Even as Stanford continues to bounce backstrongly from the impact of the 2008 recession, renewed uncertainty about potential cuts in federal spending may prompt a more serious challenge to the University’s ability to fund faculty and students in the years ahead.

(LORENA RINCON-CRUZ/The Stanford Daily)

Federal funding currently accounts for 84 percent of all sponsored research at Stanford, which itself constitutes 28 percent of the University’s consolidated revenues. This funding comes from sources as diverse as the National Science Foundation (NSF), the National Institute of Health (NIH) and the Department of Energy (DOE).

Almost all research at the SLAC National Accelerator Laboratory is federally funded by the DOE according to Andy Freeberg, media relations manager at the SLAC National Accelerator Laboratory.

Despite the significance of research funding for the University as a whole, individual faculty members make grant applications independently without administrative supervision.

“Keep in mind the University does not do research – faculty does research,” said Dean of Research Ann Arvin. “The job of the University is to help them get those grants submitted and provide the resources they need to do the work [such as labs and libraries]. We are definitely not in the business of reviewing faculty proposals.”

Arvin noted that recent federal fiscal retrenchment has already become evident in increased competition among grant applicants who are seeking a diminished pool of research funds.
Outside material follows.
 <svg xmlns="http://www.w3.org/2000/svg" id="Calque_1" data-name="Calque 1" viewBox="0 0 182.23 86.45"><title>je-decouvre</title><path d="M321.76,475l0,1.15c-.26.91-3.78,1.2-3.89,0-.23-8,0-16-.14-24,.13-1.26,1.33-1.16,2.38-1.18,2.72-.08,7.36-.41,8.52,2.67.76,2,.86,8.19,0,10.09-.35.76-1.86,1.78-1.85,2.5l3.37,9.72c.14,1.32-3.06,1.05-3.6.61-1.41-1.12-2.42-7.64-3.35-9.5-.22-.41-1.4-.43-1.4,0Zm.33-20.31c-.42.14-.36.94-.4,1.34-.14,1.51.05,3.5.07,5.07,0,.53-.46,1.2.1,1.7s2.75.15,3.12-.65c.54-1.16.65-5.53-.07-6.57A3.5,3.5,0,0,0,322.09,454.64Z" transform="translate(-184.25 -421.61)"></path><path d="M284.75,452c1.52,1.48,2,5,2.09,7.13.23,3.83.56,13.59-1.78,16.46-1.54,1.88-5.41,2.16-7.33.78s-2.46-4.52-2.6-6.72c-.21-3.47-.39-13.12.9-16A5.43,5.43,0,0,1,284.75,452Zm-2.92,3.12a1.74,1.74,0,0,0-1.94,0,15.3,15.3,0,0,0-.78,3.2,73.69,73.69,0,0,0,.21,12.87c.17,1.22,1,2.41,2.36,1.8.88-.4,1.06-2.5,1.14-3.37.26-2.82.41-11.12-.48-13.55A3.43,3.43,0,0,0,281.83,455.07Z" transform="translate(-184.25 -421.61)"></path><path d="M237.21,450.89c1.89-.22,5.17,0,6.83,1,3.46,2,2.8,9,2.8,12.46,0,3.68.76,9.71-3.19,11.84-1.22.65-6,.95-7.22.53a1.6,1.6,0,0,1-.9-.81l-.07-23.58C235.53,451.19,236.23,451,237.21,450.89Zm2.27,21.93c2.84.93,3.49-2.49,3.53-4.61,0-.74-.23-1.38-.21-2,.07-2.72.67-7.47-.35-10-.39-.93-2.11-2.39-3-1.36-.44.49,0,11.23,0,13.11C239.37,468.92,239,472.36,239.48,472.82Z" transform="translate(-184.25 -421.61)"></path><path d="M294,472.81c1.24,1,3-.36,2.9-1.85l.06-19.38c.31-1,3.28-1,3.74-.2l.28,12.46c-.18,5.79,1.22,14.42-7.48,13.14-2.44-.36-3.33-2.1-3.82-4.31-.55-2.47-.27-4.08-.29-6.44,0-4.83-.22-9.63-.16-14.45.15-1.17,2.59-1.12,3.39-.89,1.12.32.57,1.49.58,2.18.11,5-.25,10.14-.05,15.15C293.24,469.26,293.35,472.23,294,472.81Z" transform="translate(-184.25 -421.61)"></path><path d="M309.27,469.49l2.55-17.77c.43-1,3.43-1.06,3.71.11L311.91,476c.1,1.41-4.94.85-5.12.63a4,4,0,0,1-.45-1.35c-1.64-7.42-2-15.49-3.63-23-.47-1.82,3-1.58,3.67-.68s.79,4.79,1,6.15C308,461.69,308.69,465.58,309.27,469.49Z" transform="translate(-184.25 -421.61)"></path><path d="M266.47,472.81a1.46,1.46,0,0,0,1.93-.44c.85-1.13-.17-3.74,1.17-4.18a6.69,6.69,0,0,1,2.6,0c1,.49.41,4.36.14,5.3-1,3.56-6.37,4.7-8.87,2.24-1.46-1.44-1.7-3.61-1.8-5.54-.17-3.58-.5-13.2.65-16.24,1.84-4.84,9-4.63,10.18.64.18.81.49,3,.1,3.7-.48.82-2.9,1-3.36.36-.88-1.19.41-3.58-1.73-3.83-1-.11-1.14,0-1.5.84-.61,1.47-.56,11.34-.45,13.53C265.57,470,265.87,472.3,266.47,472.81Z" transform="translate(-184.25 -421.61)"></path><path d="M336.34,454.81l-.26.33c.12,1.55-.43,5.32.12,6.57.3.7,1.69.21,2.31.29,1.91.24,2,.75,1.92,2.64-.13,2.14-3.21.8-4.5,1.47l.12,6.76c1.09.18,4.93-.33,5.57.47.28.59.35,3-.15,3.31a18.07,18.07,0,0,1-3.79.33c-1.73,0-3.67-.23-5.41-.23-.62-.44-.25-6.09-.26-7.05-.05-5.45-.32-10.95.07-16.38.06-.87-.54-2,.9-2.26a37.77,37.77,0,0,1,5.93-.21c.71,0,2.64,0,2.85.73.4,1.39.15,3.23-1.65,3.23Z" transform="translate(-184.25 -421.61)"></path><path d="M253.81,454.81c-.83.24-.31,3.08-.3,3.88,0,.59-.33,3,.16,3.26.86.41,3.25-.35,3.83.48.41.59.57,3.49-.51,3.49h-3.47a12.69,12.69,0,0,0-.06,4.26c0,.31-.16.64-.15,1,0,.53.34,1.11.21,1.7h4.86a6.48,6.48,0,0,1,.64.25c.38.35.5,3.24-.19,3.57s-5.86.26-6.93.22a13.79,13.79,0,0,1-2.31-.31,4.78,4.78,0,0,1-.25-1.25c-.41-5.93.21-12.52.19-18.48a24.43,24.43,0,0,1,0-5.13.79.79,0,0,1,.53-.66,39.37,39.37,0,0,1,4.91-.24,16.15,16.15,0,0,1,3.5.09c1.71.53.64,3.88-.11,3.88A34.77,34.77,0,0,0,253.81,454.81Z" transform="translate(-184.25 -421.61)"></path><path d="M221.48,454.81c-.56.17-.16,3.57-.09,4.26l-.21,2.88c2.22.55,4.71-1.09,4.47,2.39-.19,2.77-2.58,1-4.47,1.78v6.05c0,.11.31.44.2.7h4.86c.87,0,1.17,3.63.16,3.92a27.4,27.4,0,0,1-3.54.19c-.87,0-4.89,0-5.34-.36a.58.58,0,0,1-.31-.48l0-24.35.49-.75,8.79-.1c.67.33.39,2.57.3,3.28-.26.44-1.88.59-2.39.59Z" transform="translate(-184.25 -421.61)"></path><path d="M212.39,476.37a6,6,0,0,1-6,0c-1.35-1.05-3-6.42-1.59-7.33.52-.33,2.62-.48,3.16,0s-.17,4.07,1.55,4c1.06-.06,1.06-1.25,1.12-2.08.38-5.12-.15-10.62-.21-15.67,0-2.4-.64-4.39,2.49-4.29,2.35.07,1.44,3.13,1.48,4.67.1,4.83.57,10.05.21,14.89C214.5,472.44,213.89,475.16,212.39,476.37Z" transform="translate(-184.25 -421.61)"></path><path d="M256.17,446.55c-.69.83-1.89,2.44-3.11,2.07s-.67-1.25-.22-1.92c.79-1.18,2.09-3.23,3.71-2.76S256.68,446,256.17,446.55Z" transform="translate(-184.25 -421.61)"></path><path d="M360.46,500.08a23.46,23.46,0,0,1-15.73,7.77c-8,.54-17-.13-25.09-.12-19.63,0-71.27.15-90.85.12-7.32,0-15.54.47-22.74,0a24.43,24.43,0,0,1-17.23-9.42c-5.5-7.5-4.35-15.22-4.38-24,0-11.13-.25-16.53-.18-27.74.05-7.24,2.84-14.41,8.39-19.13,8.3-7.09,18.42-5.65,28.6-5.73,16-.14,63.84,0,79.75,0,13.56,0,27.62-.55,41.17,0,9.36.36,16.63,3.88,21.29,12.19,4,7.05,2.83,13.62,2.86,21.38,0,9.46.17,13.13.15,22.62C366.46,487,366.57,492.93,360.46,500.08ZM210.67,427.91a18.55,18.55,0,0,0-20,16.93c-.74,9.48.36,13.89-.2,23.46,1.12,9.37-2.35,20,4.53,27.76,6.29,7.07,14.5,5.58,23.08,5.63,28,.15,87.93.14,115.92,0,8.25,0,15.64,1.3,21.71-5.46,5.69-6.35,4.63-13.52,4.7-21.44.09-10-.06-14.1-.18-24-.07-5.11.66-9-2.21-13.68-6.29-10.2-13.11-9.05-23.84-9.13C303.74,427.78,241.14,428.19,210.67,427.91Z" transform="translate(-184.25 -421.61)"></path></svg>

Stanford’s success rate in obtaining federal grants – which are peer-reviewed at federal agencies – is historically about 30 percent.

“Our faculty still continue to do well but as you can imagine it depends on how many applications you submit,” Arvin said. “If you want to have an active research lab you have to have two to three research projects to keep the show on the road. When funding is tight, the faculty has to submit more grants. It’s not easy these days.”

 

Graduate student funding

 

Sustained uncertainty about potential cuts in federal spending could have lasting and explicit ramifications for graduate students dependent on research positions and grants, according to University administrators.

“I think everyone’s concerned about what the model for federal funding is going to be,” said Sally Gressens ’74 M.A. ’77, School of Engineering assistant dean for graduate affairs.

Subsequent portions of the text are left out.